I have about 7lbs. of silver alloy G.E. 3 phase starter contacts.They are still on the small copper? part. I am thinking of sending them out to be refined because I am just a dumb carpenter and don't really want to play with nitric acid. The question I have is how much silver is in these things? How can I be sure that the refiner I send them to is not screwing me?
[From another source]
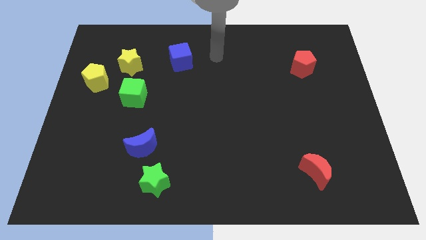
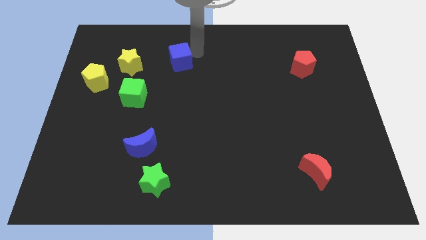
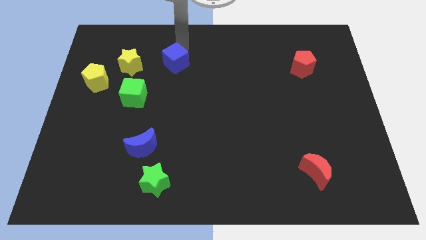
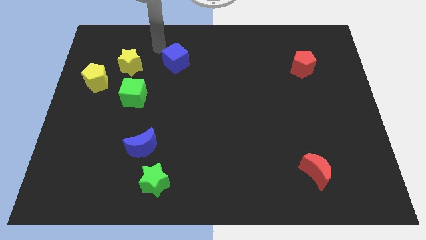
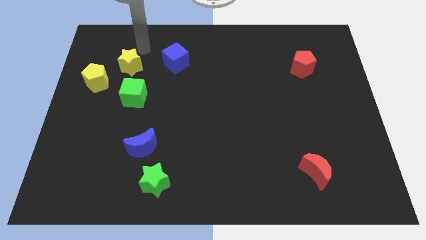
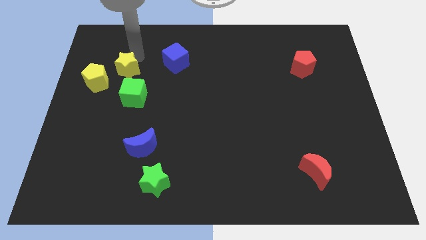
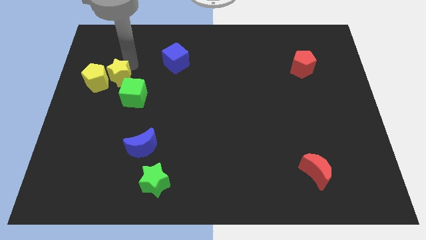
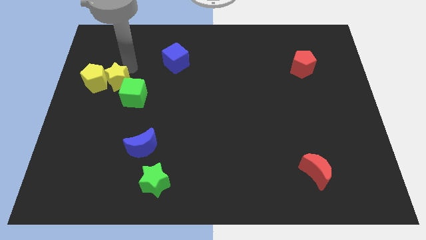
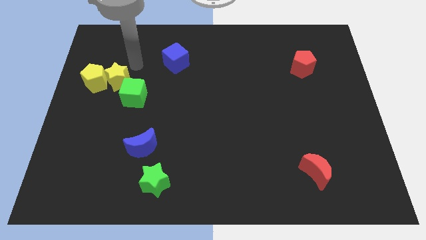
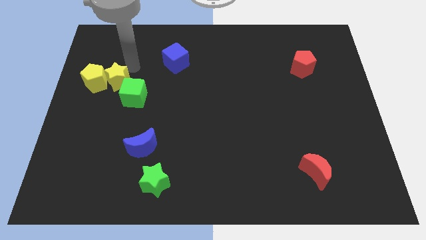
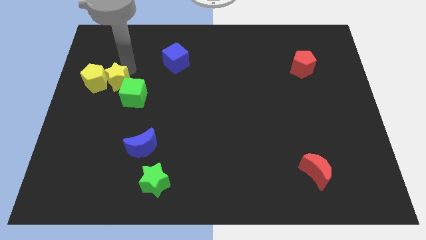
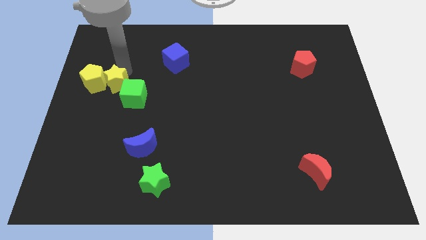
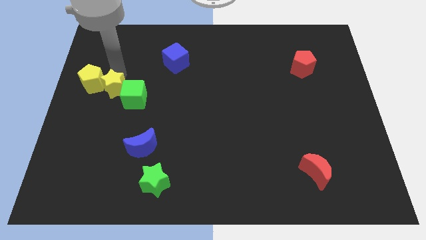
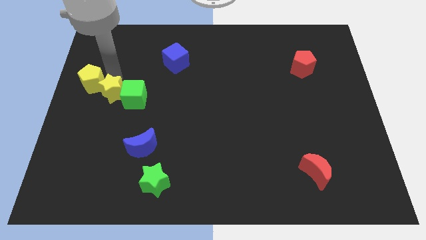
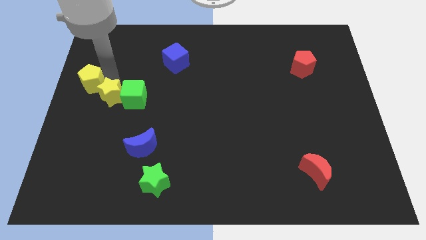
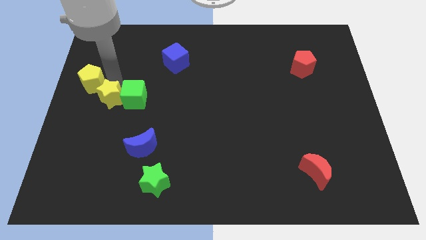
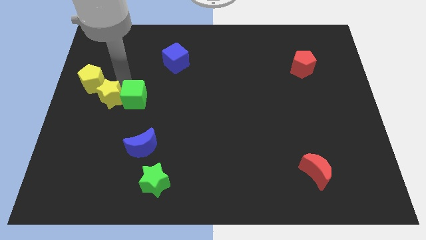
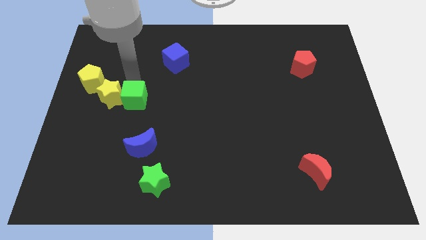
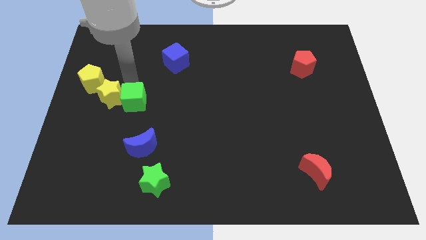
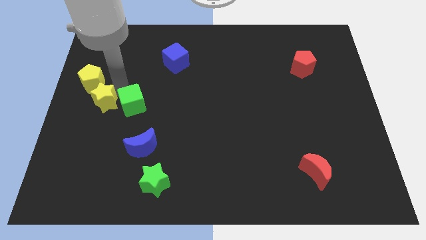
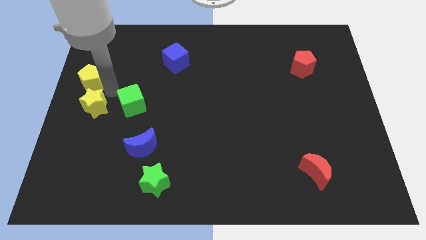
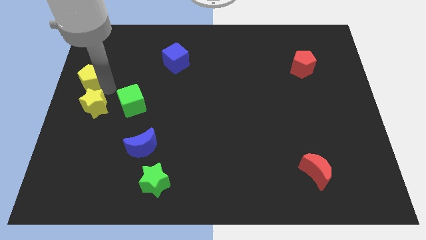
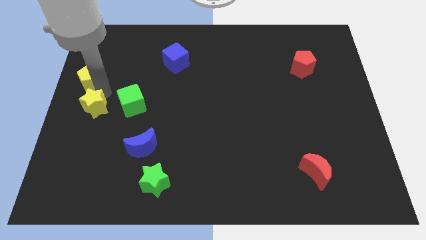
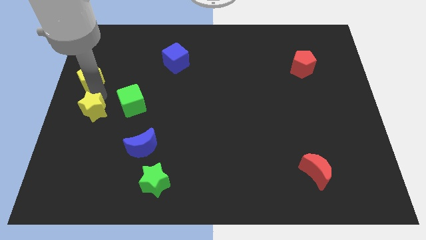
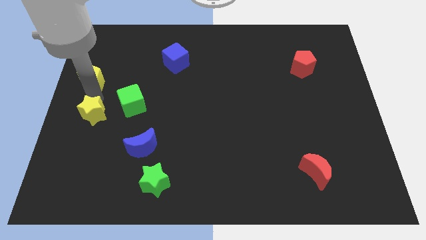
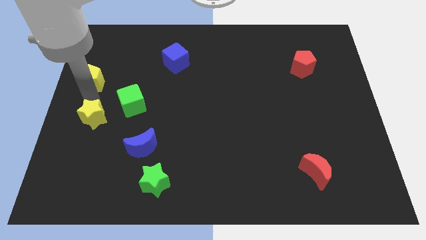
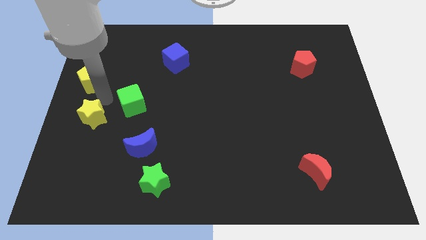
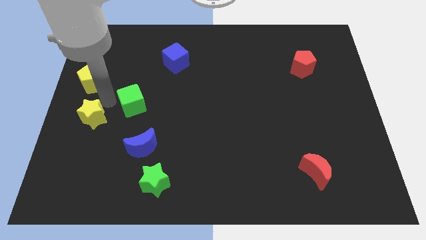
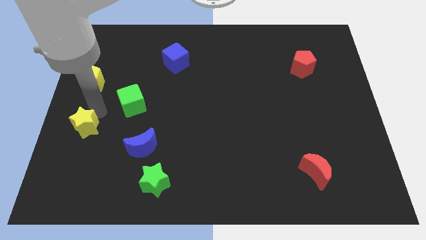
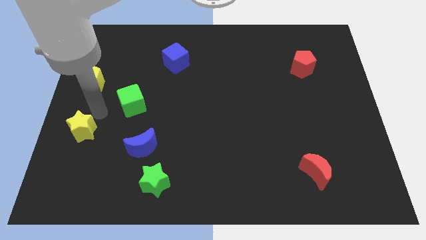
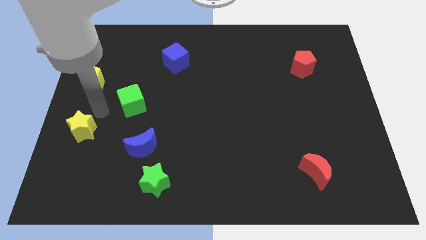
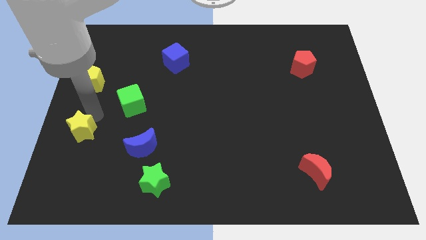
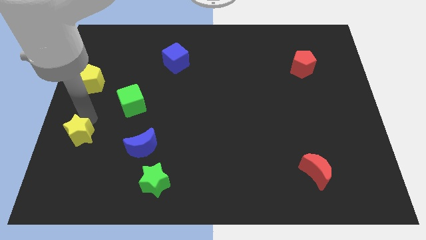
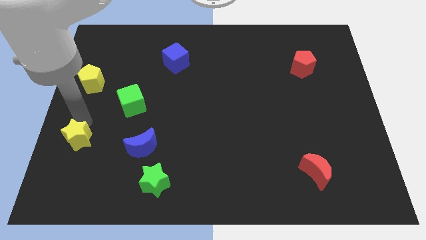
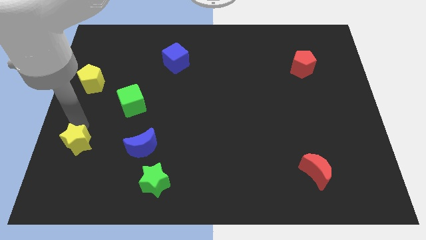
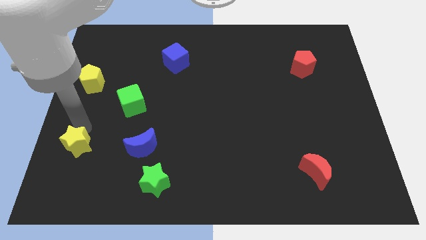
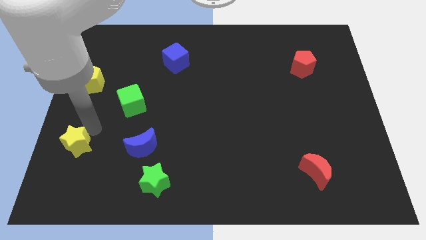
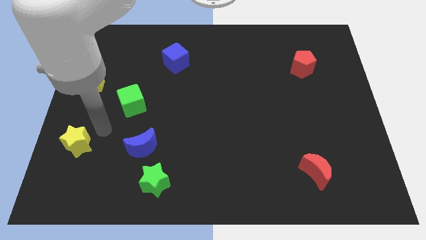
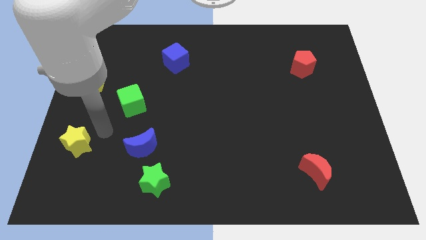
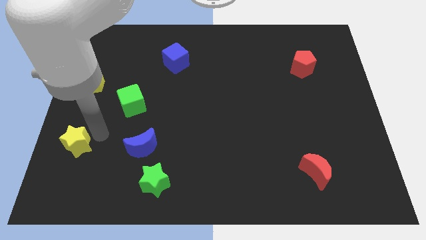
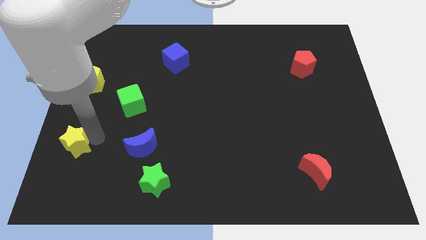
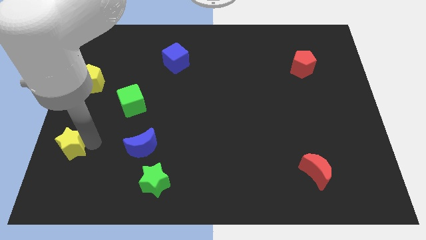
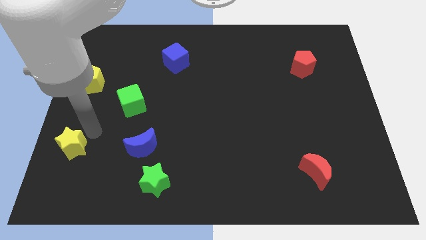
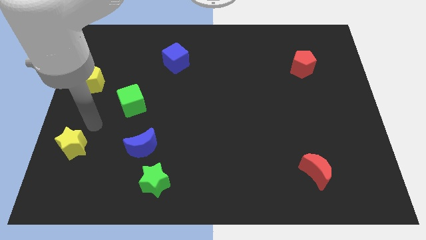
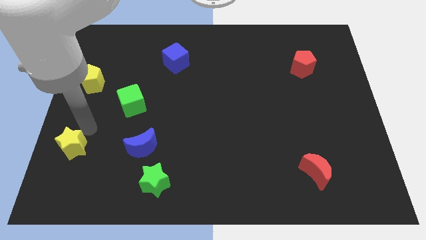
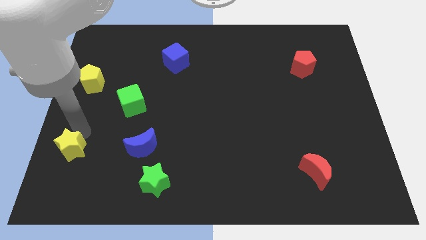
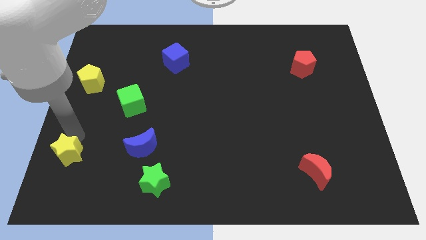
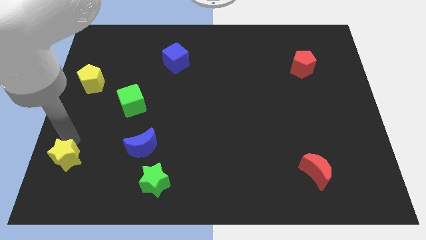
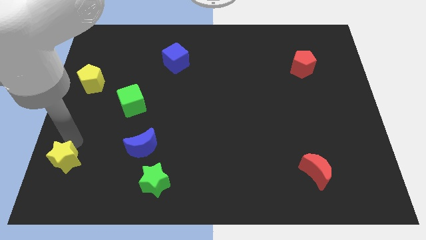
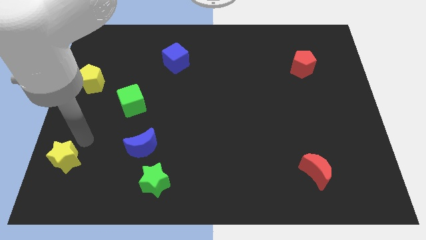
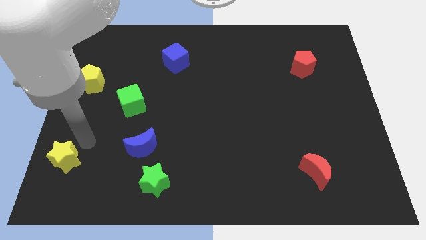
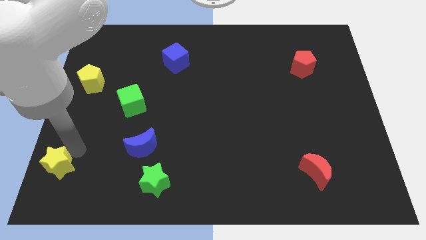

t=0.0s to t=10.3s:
push the yellow star to the bottom left corner

I would like this stuff refined into rough bars, and have a decent portion sent back to me.

Does anyone have any experience with Arch Enterprises?

Thanks- Old Thompson


----------



## jimdoc (Jan 24, 2011)

A lot of places don't accept silver contacts because of possible cadmium content.You should post a picture of what you have,maybe someone on the forum can process them for you,or give you more information.

Jim


----------



## old thompson (Jan 24, 2011)

Here is a sample of what I have-






None of these are magnetic, penny for scale.


----------



## rusty (Jan 24, 2011)

old thompson said:


> Here is a sample of what I have-
> 
> 
> 
> ...



If your in Canada, I'm available for toll refining your silver.

Regards
Gill


----------



## old thompson (Jan 25, 2011)

Thanks for the offer Gill, but I am in the USA.


----------